▸ Supplied records
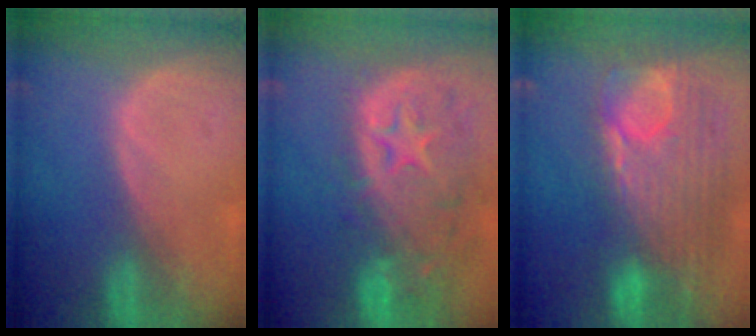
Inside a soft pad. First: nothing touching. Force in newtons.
{"total": 14.0, "press": 11.2, "slide": 8.3}
{"total": 12.6, "press": 10.7, "slide": 6.6}
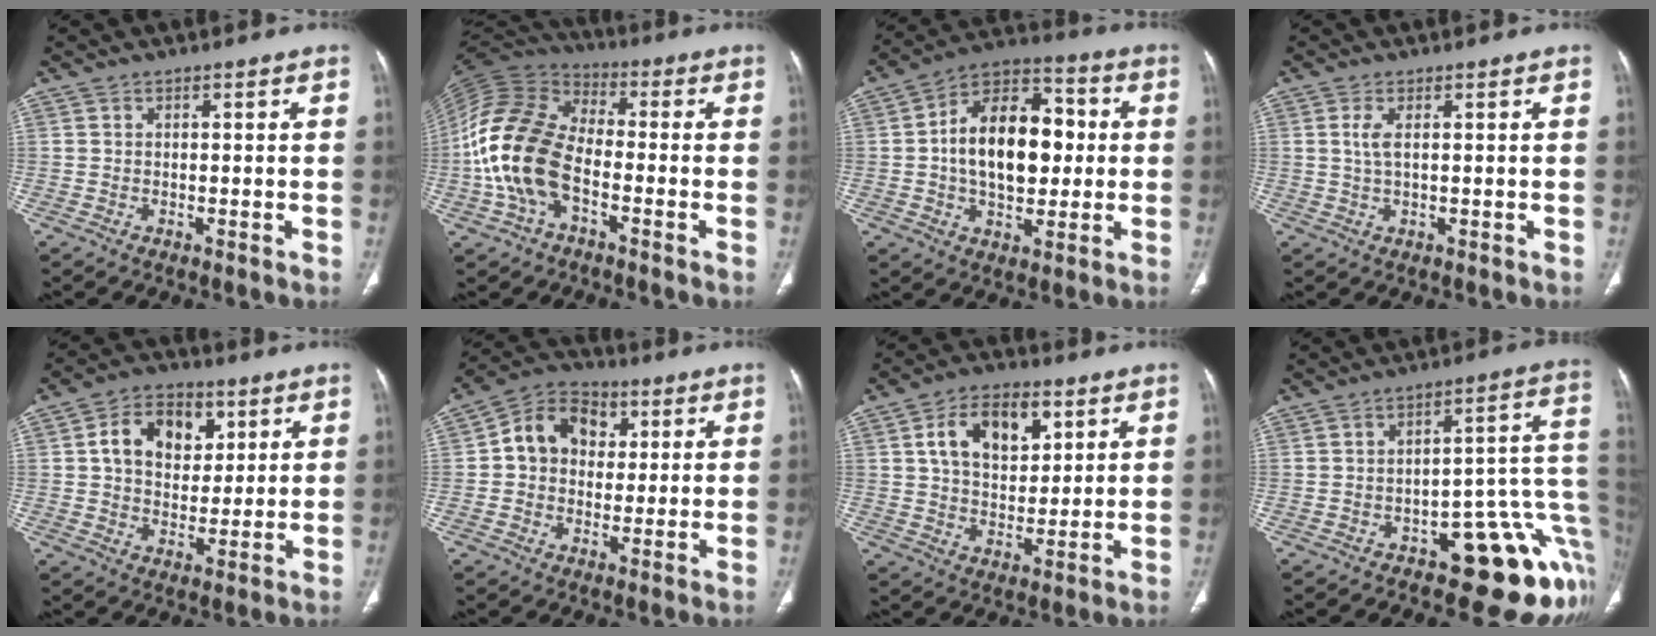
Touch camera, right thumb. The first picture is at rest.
{"total": 16.5, "force": [-4.0, 9.8, 12.6], "torque": [-0.266, 0.035, -0.082]}
{"total": 18.2, "force": [0.8, 11.3, 14.3], "torque": [-0.199, 0.028, 0.008]}
{"total": 2.7, "force": [0.7, 0.9, 2.4], "torque": [-0.062, 0.001, 0.016]}
{"total": 12.1, "force": [3.7, 8.8, 7.5], "torque": [-0.082, -0.003, 0.059]}
{"total": 11.1, "force": [2.3, 8.9, 6.3], "torque": [-0.069, 0.012, 0.026]}
{"total": 12.8, "force": [4.7, 8.0, 8.8], "torque": [-0.112, -0.007, 0.081]}
{"total": 18.5, "force": [-7.8, 8.6, 14.4], "torque": [-0.075, 0.086, -0.096]}
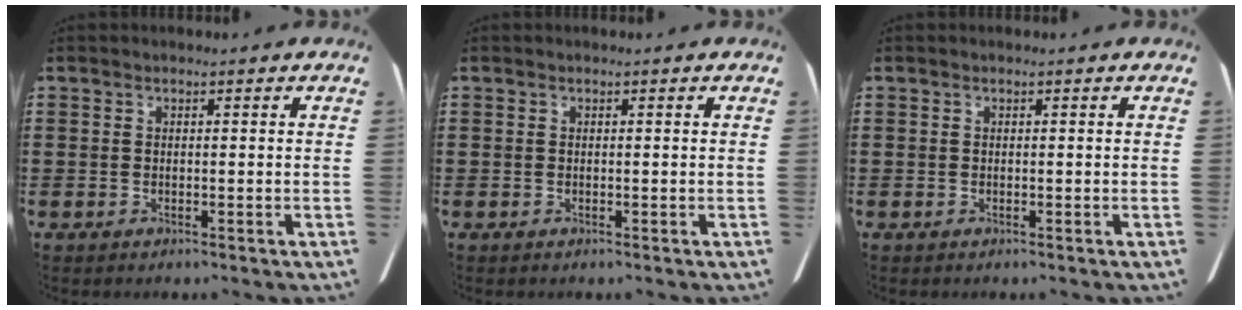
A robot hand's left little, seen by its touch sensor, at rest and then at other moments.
{"total": 0.0}
{"total": 0.0}
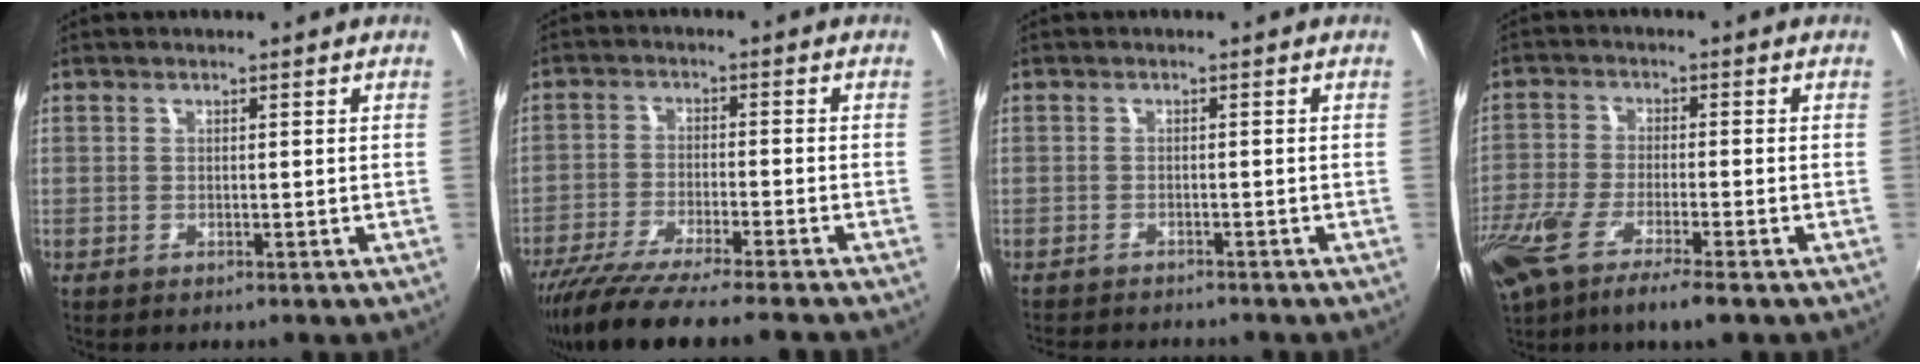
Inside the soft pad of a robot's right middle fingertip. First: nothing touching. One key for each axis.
{"total": 12.5, "fx": -10.7, "fy": -0.2, "fz": 6.4, "tx": -0.130, "ty": -0.037, "tz": -0.179}
{"total": 5.5, "fx": -5.2, "fy": 1.0, "fz": 1.6, "tx": -0.045, "ty": -0.015, "tz": -0.079}
{"total": 11.8, "fx": -7.8, "fy": 2.3, "fz": 8.5, "tx": -0.194, "ty": -0.045, "tz": -0.151}
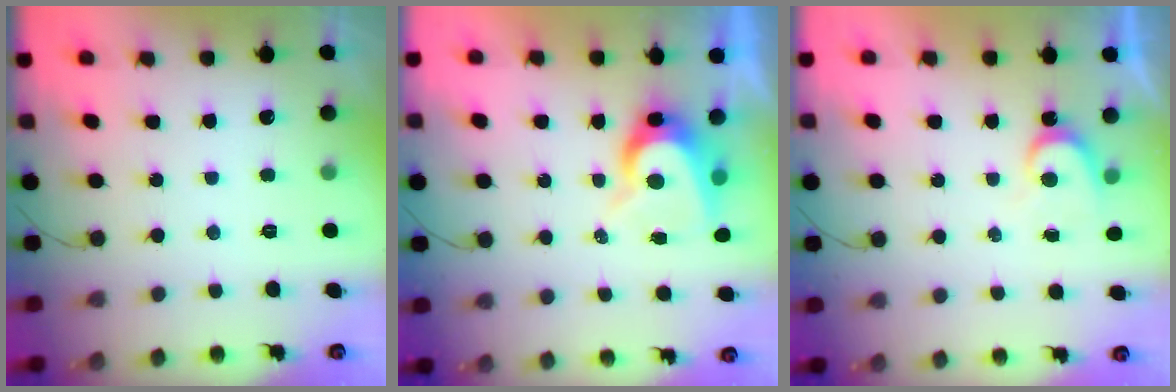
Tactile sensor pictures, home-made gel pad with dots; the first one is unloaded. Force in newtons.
{"total": 7.4, "press": 7.4, "slide": 0.4}
{"total": 3.7, "press": 3.7, "slide": 0.4}
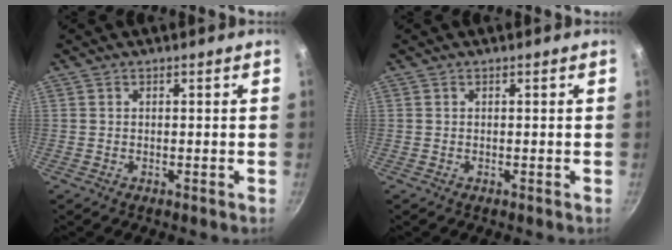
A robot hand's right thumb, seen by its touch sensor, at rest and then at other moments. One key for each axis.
{"total": 0.0}
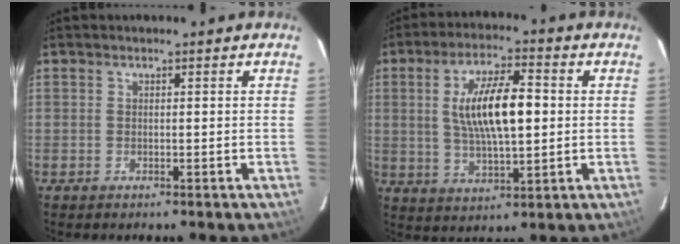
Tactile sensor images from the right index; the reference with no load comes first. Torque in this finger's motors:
{"motor_torque": [0.81, -0.24, 0.78, 0.14]}
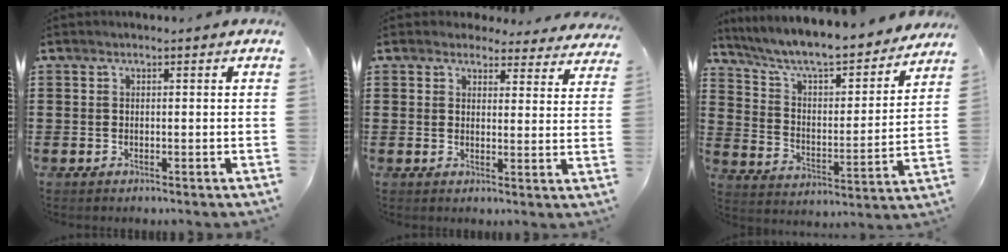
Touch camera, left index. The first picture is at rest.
{"total": 3.6, "force": [3.4, 1.1, 0.6], "torque": [-0.017, -0.012, 0.061]}
{"total": 7.2, "force": [6.6, 0.6, 2.9], "torque": [-0.087, -0.054, 0.107]}
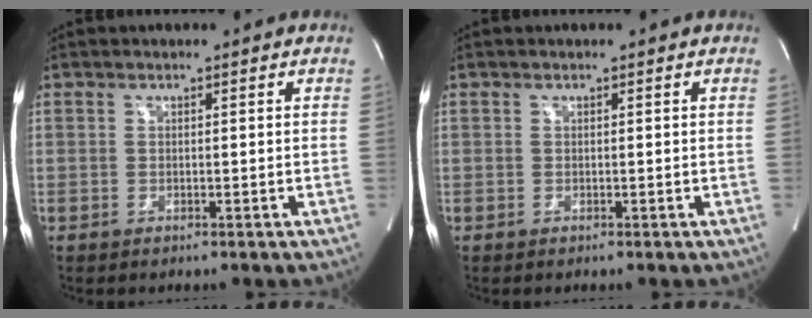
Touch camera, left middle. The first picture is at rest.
{"total": 0.0}
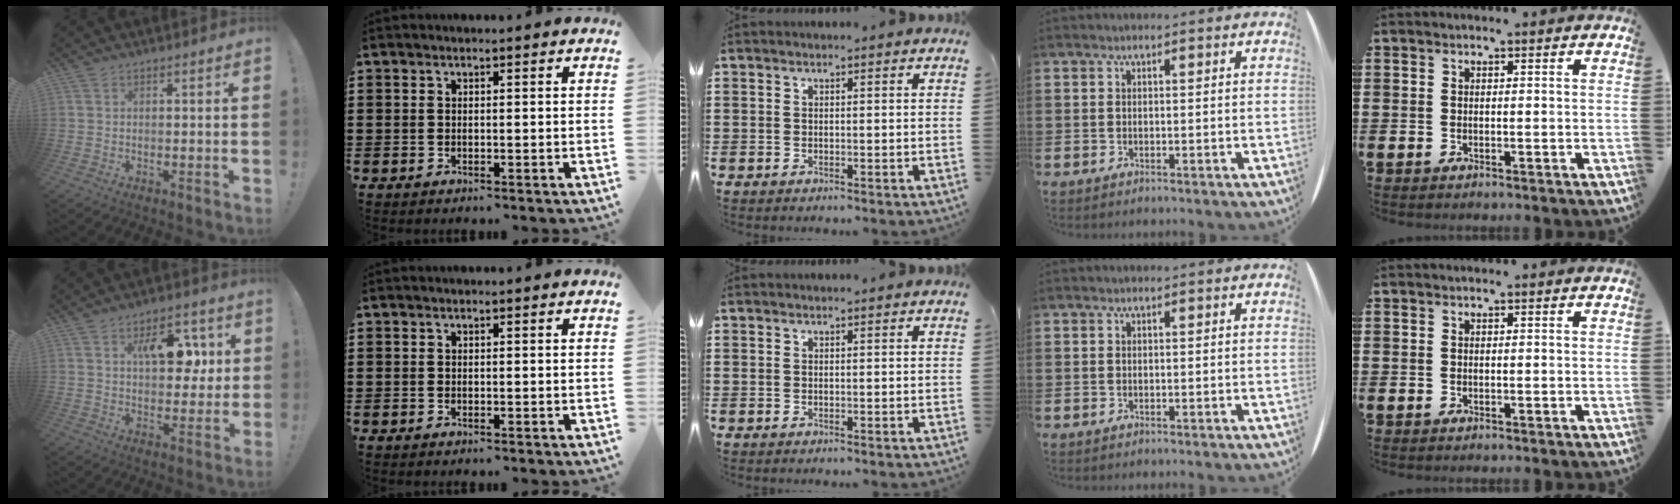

▸ What is expected
Every line from the one with "Tactile sensor images" through the last line of the listing above must be written out exactly, and no picture may appear.

▸ Answer to this task
Tactile sensor images from the right index; the reference with no load comes first. Torque in this finger's motors:
{"motor_torque": [0.81, -0.24, 0.78, 0.14]}
Touch camera, left index. The first picture is at rest.
{"total": 3.6, "force": [3.4, 1.1, 0.6], "torque": [-0.017, -0.012, 0.061]}
{"total": 7.2, "force": [6.6, 0.6, 2.9], "torque": [-0.087, -0.054, 0.107]}
Touch camera, left middle. The first picture is at rest.
{"total": 0.0}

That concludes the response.